§ SUPPLIED MATERIAL:
· · · ·
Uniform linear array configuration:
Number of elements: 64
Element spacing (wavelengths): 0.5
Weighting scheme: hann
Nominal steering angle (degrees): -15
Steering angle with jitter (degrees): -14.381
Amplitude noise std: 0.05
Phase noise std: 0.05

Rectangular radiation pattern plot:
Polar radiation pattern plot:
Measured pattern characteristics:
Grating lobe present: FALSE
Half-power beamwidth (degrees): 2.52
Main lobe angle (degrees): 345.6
· · · ·
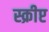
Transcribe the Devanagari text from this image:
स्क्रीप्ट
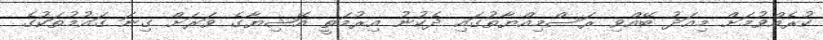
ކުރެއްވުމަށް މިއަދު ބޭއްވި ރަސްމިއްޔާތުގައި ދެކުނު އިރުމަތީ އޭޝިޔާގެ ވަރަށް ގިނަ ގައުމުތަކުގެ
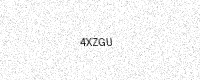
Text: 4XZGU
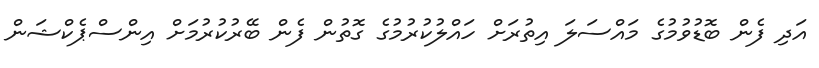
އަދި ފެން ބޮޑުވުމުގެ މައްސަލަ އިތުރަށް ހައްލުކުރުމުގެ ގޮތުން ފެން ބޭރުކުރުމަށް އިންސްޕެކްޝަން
· · · ·
§ THE PROBLEM:
Whenever "noise" shows up in a line of the listing, copy that whole line.

§ YOUR SOLUTION:
Amplitude noise std: 0.05
Phase noise std: 0.05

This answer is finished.